Without wearing a single outfit that could be considered truly rule-breaking, Obama has rewritten the playbook. In early 2009, when the first lady’s official website was launched featuring a photo of her wearing a sleeveless dress, the Chicago Tribune reported that it had received hundreds of online responses, many of which criticised the look for its inappropriate informality. Since then, the trend for the sleeveless dress as grownup but fun, dressy but comfortable – fuelled, in huge part, by Obama herself – has grown and grown. She made it OK for a middle-aged woman to wear a dress showcasing arms that speak of serious push-ups, as well as those signature warm Mobama hugs. In that sense, she represents a generation growing old in a different way. Many of her fashion choices – from the girlish, bridal Jason Wu gown she wore for the first inauguration to the full skirts she often favours for daytime – are looks that not long ago would have been thought too young, too cute, for a woman in her 50s to carry off. Instead, she has captured something of the confidence of a generation who will not accept that they should slip into the shadows.

Obama wore a girlish, bridal Jason Wu gown for the first inaugural ball in 2009. Photograph: Saul Loeb/AFP/Getty Images

Obama has consistently played down any interest in fashion. “It’s so hard. I’m kind of a tomboy-jock at heart, but I like to look nice,” she told ABC news in 2008. But she has steered her image carefully nonetheless. When she appeared on the cover of American Vogue in March 2009, she did it on condition that the choice of dress was hers, without input from the Vogue team, and that she used her own hair and makeup stylists, something the magazine had not agreed to before. Even the designer and film-maker Tom Ford, renowned for his control freak tendencies, alluded to Obama’s strictures in a recent interview with the Hollywood Reporter, when he related the experience of dressing the first lady for an audience with the Queen in 2011. “Doing something like that is easy because you’re dictated to,” he said. “‘She needs to wear that colour, she has to have gloves, she doesn’t like this, she doesn’t like that.’ It’s pretty simple.”

Simple, but strategic. Obama’s mastery of fashion is less about the clothes than about a modern woman’s innate understanding that visual messaging is a crucial part of public life.
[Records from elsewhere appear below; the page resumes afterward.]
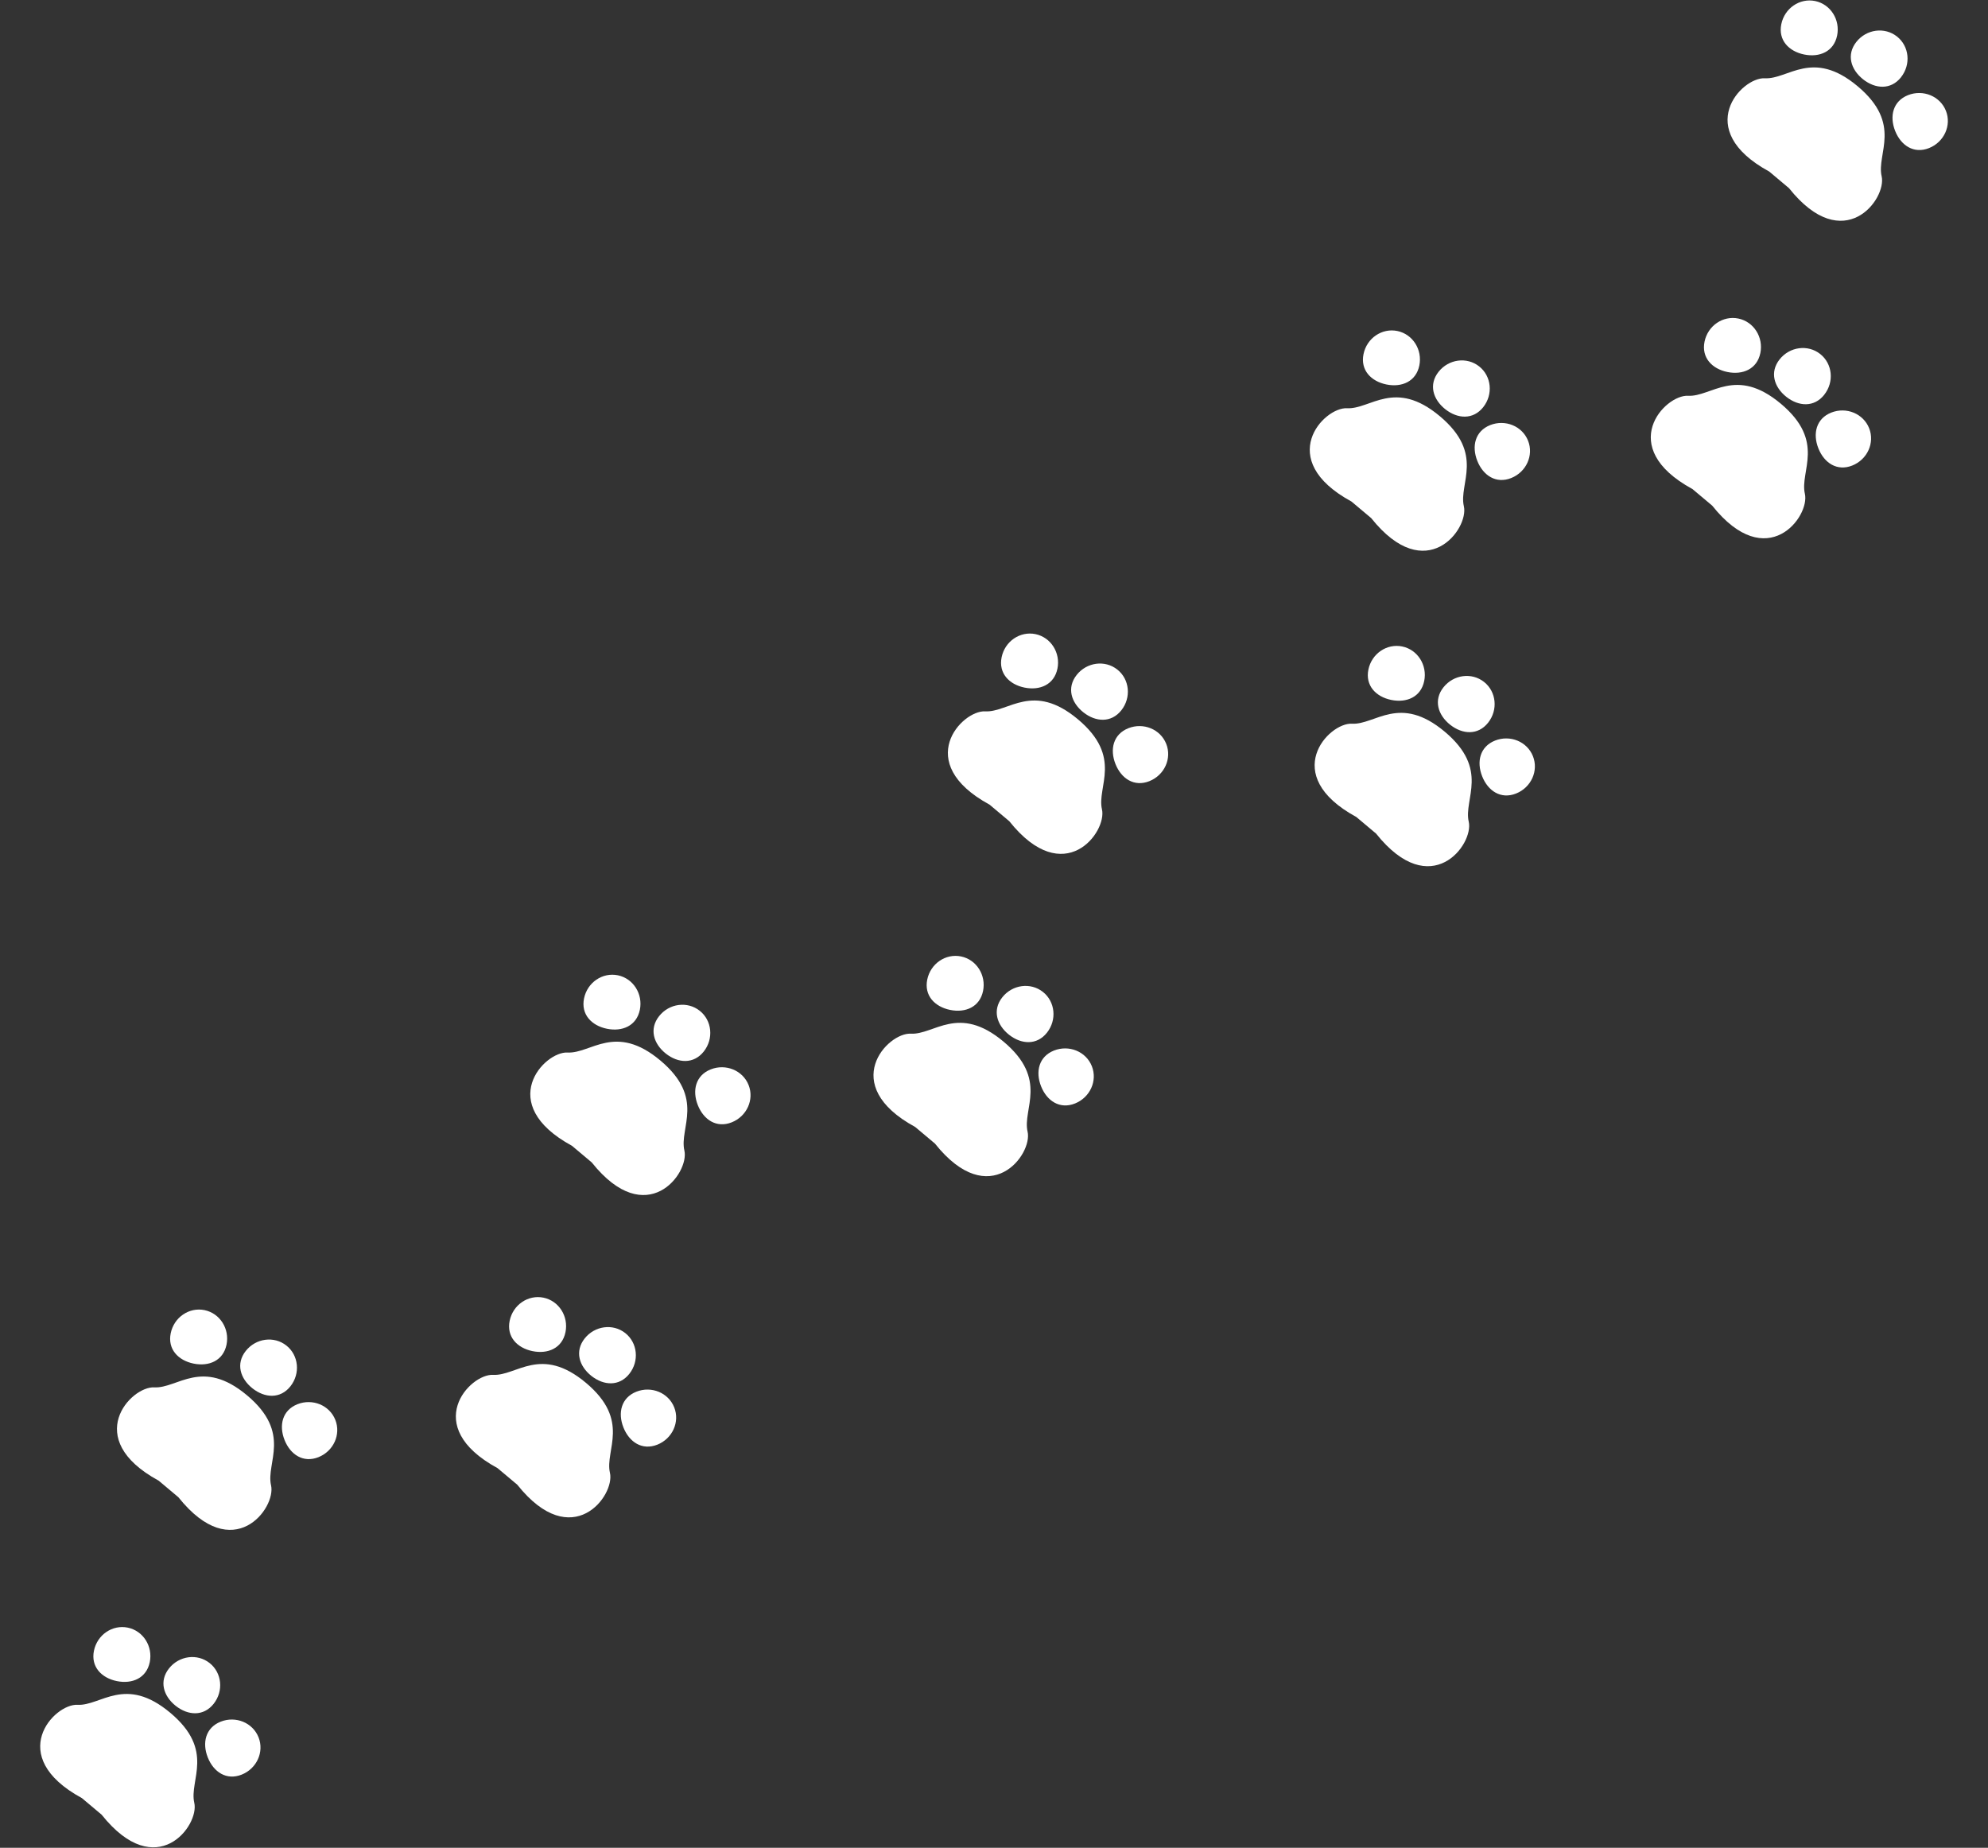 <?xml version="1.0" encoding="UTF-8"?>
<svg id="_レイヤー_2" data-name="レイヤー 2" xmlns="http://www.w3.org/2000/svg" width="383" height="356" xmlns:xlink="http://www.w3.org/1999/xlink" viewBox="0 0 383 356">
  <rect x="0" y="0" width="383" height="356" fill="#333333" stroke="none"/>
  <defs>
    <style>
      .cls-1 {
        fill: none;
      }

      .cls-2 {
        fill: #fff;
      }

      .cls-3 {
        clip-path: url(#clippath);
      }
    </style>
    <clipPath id="clippath">
      <rect class="cls-1" width="383" height="356"/>
    </clipPath>
  </defs>
  <g id="_背景" data-name="背景">
    <g class="cls-3">
      <g>
        <path class="cls-2" d="M274.38,131.22c.63-3.07-1.26-6.05-4.23-6.67-2.97-.61-5.89,1.38-6.52,4.45-.63,3.07,1.43,5.24,4.4,5.85,2.97.61,5.72-.57,6.35-3.64M286.69,139.24c1.95-2.46,1.6-5.98-.78-7.86-2.38-1.88-5.88-1.41-7.82,1.04-1.95,2.46-1.08,5.32,1.29,7.21,2.38,1.88,5.36,2.06,7.31-.39M285.55,149.57c1.12,2.82,3.61,4.47,6.53,3.31,2.91-1.16,4.37-4.38,3.25-7.19-1.12-2.82-4.39-4.16-7.3-3.01-2.91,1.16-3.6,4.07-2.48,6.89M261.29,157.39l3.82,3.21c10.58,13.27,18.87,2.08,17.85-2.29-1.03-4.38,4.08-10.04-4.62-17.34-8.7-7.3-13.39-1.29-17.88-1.54-4.49-.25-14.06,9.86.84,17.97"/>
        <path class="cls-2" d="M273.44,70.44c.63-3.07-1.26-6.05-4.23-6.67-2.97-.61-5.89,1.38-6.52,4.45-.63,3.07,1.43,5.24,4.4,5.85,2.97.61,5.72-.57,6.35-3.64M285.75,78.45c1.95-2.46,1.6-5.98-.78-7.86-2.38-1.88-5.88-1.41-7.82,1.04-1.95,2.46-1.08,5.32,1.29,7.21,2.38,1.88,5.36,2.06,7.31-.39M284.61,88.79c1.12,2.82,3.61,4.47,6.53,3.31,2.91-1.16,4.37-4.38,3.25-7.19-1.12-2.82-4.39-4.16-7.3-3.01-2.91,1.16-3.6,4.07-2.48,6.89M260.35,96.61l3.82,3.21c10.58,13.27,18.87,2.08,17.85-2.29-1.03-4.38,4.08-10.04-4.62-17.34-8.7-7.3-13.39-1.29-17.88-1.54-4.49-.25-14.06,9.86.84,17.97"/>
        <path class="cls-2" d="M339.14,68.04c.63-3.07-1.26-6.05-4.23-6.67-2.97-.61-5.89,1.38-6.52,4.45-.63,3.07,1.43,5.24,4.4,5.85,2.97.61,5.72-.57,6.35-3.64M351.45,76.05c1.95-2.46,1.6-5.97-.78-7.85-2.38-1.88-5.88-1.41-7.82,1.04-1.95,2.46-1.08,5.32,1.29,7.21,2.38,1.88,5.36,2.06,7.31-.39M350.32,86.38c1.12,2.82,3.61,4.47,6.53,3.31,2.91-1.16,4.37-4.38,3.25-7.19s-4.39-4.16-7.3-3.01c-2.91,1.16-3.6,4.07-2.48,6.89M326.05,94.21l3.82,3.21c10.58,13.27,18.87,2.08,17.85-2.29-1.03-4.38,4.08-10.04-4.62-17.34-8.7-7.3-13.39-1.29-17.88-1.54-4.49-.25-14.06,9.86.84,17.97"/>
        <path class="cls-2" d="M353.93,6.87c.63-3.07-1.26-6.05-4.23-6.67-2.97-.61-5.89,1.38-6.52,4.45-.63,3.07,1.43,5.24,4.4,5.85,2.97.61,5.72-.57,6.35-3.64M366.24,14.88c1.95-2.46,1.6-5.97-.78-7.85-2.38-1.88-5.88-1.41-7.82,1.04-1.95,2.46-1.08,5.32,1.29,7.21,2.38,1.88,5.36,2.06,7.31-.39M365.11,25.22c1.12,2.82,3.61,4.47,6.53,3.31,2.91-1.16,4.37-4.38,3.25-7.19s-4.39-4.16-7.3-3.01c-2.91,1.16-3.6,4.07-2.48,6.89M340.84,33.04l3.82,3.21c10.58,13.27,18.87,2.08,17.85-2.29-1.03-4.38,4.08-10.04-4.62-17.34-8.7-7.3-13.39-1.29-17.88-1.54-4.49-.25-14.06,9.86.84,17.97"/>
        <path class="cls-2" d="M28.85,320.25c.63-3.07-1.26-6.05-4.23-6.67-2.97-.61-5.89,1.38-6.52,4.45-.63,3.07,1.43,5.24,4.4,5.85,2.97.61,5.72-.57,6.35-3.64M41.16,328.26c1.95-2.46,1.6-5.98-.78-7.86-2.38-1.88-5.88-1.41-7.82,1.04-1.95,2.46-1.08,5.32,1.29,7.21,2.38,1.88,5.36,2.06,7.31-.39M40.03,338.59c1.12,2.82,3.61,4.47,6.53,3.31,2.91-1.16,4.37-4.38,3.25-7.19-1.12-2.82-4.39-4.16-7.3-3.01-2.91,1.16-3.6,4.07-2.48,6.89M15.76,346.41l3.82,3.21c10.58,13.27,18.87,2.08,17.85-2.29-1.03-4.38,4.08-10.04-4.62-17.34-8.7-7.3-13.39-1.29-17.88-1.54-4.49-.25-14.06,9.86.84,17.97"/>
        <path class="cls-2" d="M43.64,259.08c.63-3.07-1.26-6.05-4.23-6.67-2.97-.61-5.89,1.38-6.52,4.45-.63,3.07,1.43,5.24,4.4,5.85,2.97.61,5.72-.57,6.35-3.64M55.95,267.09c1.95-2.46,1.6-5.98-.78-7.86-2.38-1.88-5.88-1.41-7.82,1.04-1.95,2.46-1.08,5.32,1.29,7.21,2.38,1.88,5.36,2.06,7.31-.39M54.82,277.43c1.12,2.82,3.61,4.47,6.53,3.31,2.91-1.16,4.37-4.38,3.25-7.19-1.12-2.82-4.39-4.16-7.3-3.01-2.91,1.16-3.6,4.07-2.48,6.89M30.55,285.25l3.82,3.21c10.58,13.27,18.87,2.08,17.85-2.29-1.03-4.38,4.08-10.04-4.62-17.34-8.7-7.3-13.39-1.29-17.88-1.54-4.49-.25-14.06,9.86.84,17.97"/>
        <path class="cls-2" d="M108.94,256.68c.63-3.07-1.26-6.05-4.23-6.67-2.97-.61-5.89,1.38-6.52,4.45-.63,3.07,1.43,5.24,4.4,5.85,2.97.61,5.72-.57,6.35-3.64M121.24,264.69c1.95-2.46,1.6-5.98-.78-7.86-2.38-1.88-5.88-1.41-7.82,1.04-1.95,2.46-1.08,5.32,1.29,7.21,2.38,1.88,5.36,2.06,7.31-.39M120.11,275.02c1.12,2.82,3.61,4.47,6.53,3.31,2.91-1.16,4.37-4.38,3.25-7.19-1.12-2.82-4.39-4.16-7.3-3.01-2.91,1.16-3.6,4.07-2.48,6.89M95.84,282.84l3.82,3.21c10.58,13.27,18.87,2.08,17.85-2.29-1.03-4.38,4.08-10.04-4.62-17.34-8.7-7.3-13.39-1.29-17.88-1.54-4.49-.25-14.06,9.86.84,17.97"/>
        <path class="cls-2" d="M123.27,194.57c.63-3.07-1.26-6.05-4.23-6.67-2.97-.61-5.89,1.38-6.52,4.45-.63,3.07,1.43,5.24,4.4,5.85,2.97.61,5.72-.57,6.35-3.64M135.58,202.59c1.95-2.46,1.6-5.98-.78-7.86-2.38-1.88-5.88-1.41-7.82,1.04-1.95,2.46-1.08,5.32,1.29,7.21,2.38,1.88,5.36,2.06,7.31-.39M134.44,212.92c1.12,2.82,3.61,4.47,6.53,3.31,2.91-1.16,4.37-4.38,3.25-7.19-1.12-2.82-4.39-4.16-7.3-3.01-2.91,1.16-3.6,4.07-2.48,6.89M110.18,220.74l3.82,3.21c10.58,13.27,18.87,2.08,17.85-2.29-1.03-4.38,4.08-10.04-4.62-17.34-8.7-7.3-13.39-1.29-17.88-1.54-4.49-.25-14.06,9.86.84,17.97"/>
        <path class="cls-2" d="M189.39,190.94c.63-3.07-1.26-6.05-4.23-6.67-2.97-.61-5.89,1.38-6.52,4.45-.63,3.07,1.43,5.24,4.4,5.85,2.97.61,5.72-.57,6.35-3.64M201.7,198.96c1.95-2.46,1.6-5.98-.78-7.86-2.38-1.88-5.88-1.41-7.82,1.04-1.95,2.46-1.08,5.32,1.29,7.21,2.38,1.88,5.36,2.06,7.31-.39M200.57,209.29c1.12,2.82,3.61,4.47,6.53,3.31,2.91-1.16,4.37-4.38,3.25-7.19-1.12-2.82-4.39-4.16-7.3-3.01-2.91,1.16-3.6,4.07-2.48,6.89M176.3,217.11l3.82,3.21c10.58,13.27,18.87,2.08,17.85-2.29-1.03-4.38,4.08-10.04-4.62-17.34-8.7-7.3-13.39-1.29-17.88-1.54-4.49-.25-14.06,9.86.84,17.97"/>
        <path class="cls-2" d="M203.72,128.84c.63-3.07-1.26-6.05-4.23-6.67-2.97-.61-5.89,1.38-6.52,4.45-.63,3.07,1.43,5.24,4.4,5.85,2.97.61,5.72-.57,6.35-3.64M216.03,136.85c1.95-2.46,1.6-5.98-.78-7.86-2.38-1.88-5.88-1.41-7.82,1.04-1.95,2.46-1.08,5.32,1.29,7.21,2.38,1.88,5.36,2.06,7.31-.39M214.9,147.19c1.12,2.82,3.61,4.47,6.53,3.31,2.91-1.16,4.37-4.38,3.25-7.19-1.12-2.82-4.39-4.16-7.3-3.01-2.91,1.16-3.6,4.07-2.48,6.89M190.63,155.01l3.82,3.21c10.58,13.27,18.87,2.08,17.85-2.29-1.03-4.38,4.08-10.04-4.62-17.34-8.7-7.3-13.39-1.29-17.88-1.54-4.49-.25-14.06,9.86.84,17.97"/>
      </g>
    </g>
  </g>
</svg>

As she told American InStyle magazine last month, “We can fool ourselves into thinking that everybody is still watching the evening news, but I live with Generation Z, and I know that their habits, the way they take in information, are so different… We’ve got to meet our constituents where they are, and they’re on Snapchat.”

Obama has been on Snapchat since June. Her opening post? A selfie and the emoji of the girl in pink, her hand raised. This is a woman who doesn’t need a microphone to get her words across.